* [Extracted material]

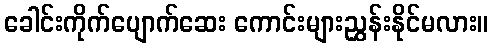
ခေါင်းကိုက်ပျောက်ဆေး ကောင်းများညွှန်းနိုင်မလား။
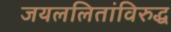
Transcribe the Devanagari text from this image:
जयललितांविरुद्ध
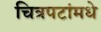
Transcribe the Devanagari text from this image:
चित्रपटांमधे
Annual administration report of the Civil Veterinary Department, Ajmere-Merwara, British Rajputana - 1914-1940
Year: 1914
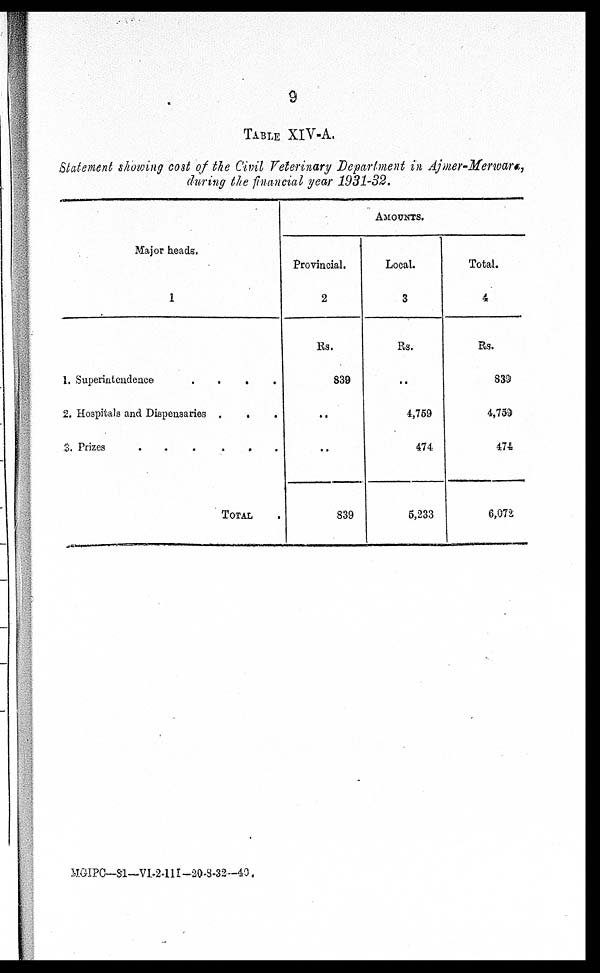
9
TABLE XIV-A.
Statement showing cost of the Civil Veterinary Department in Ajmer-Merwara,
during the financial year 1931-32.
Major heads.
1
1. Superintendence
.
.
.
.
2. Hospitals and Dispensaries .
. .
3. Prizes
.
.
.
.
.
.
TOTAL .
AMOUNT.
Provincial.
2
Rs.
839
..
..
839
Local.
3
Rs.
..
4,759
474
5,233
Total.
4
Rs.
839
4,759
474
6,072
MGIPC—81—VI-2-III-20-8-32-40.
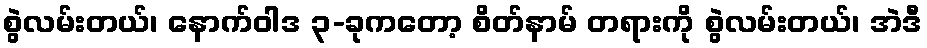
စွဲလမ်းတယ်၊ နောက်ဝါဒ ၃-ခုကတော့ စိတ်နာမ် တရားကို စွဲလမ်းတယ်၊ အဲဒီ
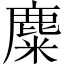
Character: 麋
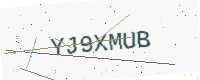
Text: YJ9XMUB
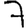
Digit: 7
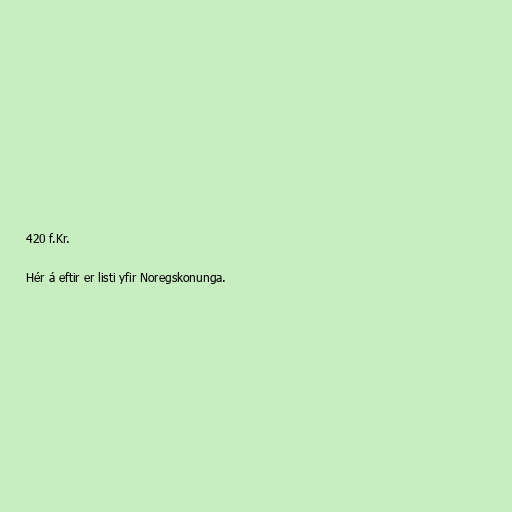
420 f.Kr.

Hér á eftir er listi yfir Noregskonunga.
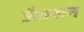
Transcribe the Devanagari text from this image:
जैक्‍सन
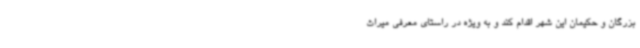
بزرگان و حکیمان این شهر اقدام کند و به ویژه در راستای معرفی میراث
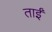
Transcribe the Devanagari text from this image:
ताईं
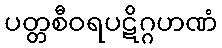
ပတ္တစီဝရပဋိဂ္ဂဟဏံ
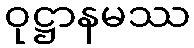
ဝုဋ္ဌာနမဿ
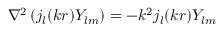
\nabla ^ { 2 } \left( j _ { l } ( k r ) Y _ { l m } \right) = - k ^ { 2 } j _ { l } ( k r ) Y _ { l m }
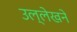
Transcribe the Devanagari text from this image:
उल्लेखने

* [Task to carry out] Word for word, output the lines from the line bearing "Character: 麋" through the end of the records above, and only those, without the pictures.

* [Answer area]
Character: 麋
Text: YJ9XMUB
Digit: 7
420 f.Kr.

Hér á eftir er listi yfir Noregskonunga.
Transcribe the Devanagari text from this image:
जैक्‍सन
بزرگان و حکیمان این شهر اقدام کند و به ویژه در راستای معرفی میراث
Transcribe the Devanagari text from this image:
ताईं
ပတ္တစီဝရပဋိဂ္ဂဟဏံ
ဝုဋ္ဌာနမဿ
\nabla ^ { 2 } \left( j _ { l } ( k r ) Y _ { l m } \right) = - k ^ { 2 } j _ { l } ( k r ) Y _ { l m }
Transcribe the Devanagari text from this image:
उल्लेखने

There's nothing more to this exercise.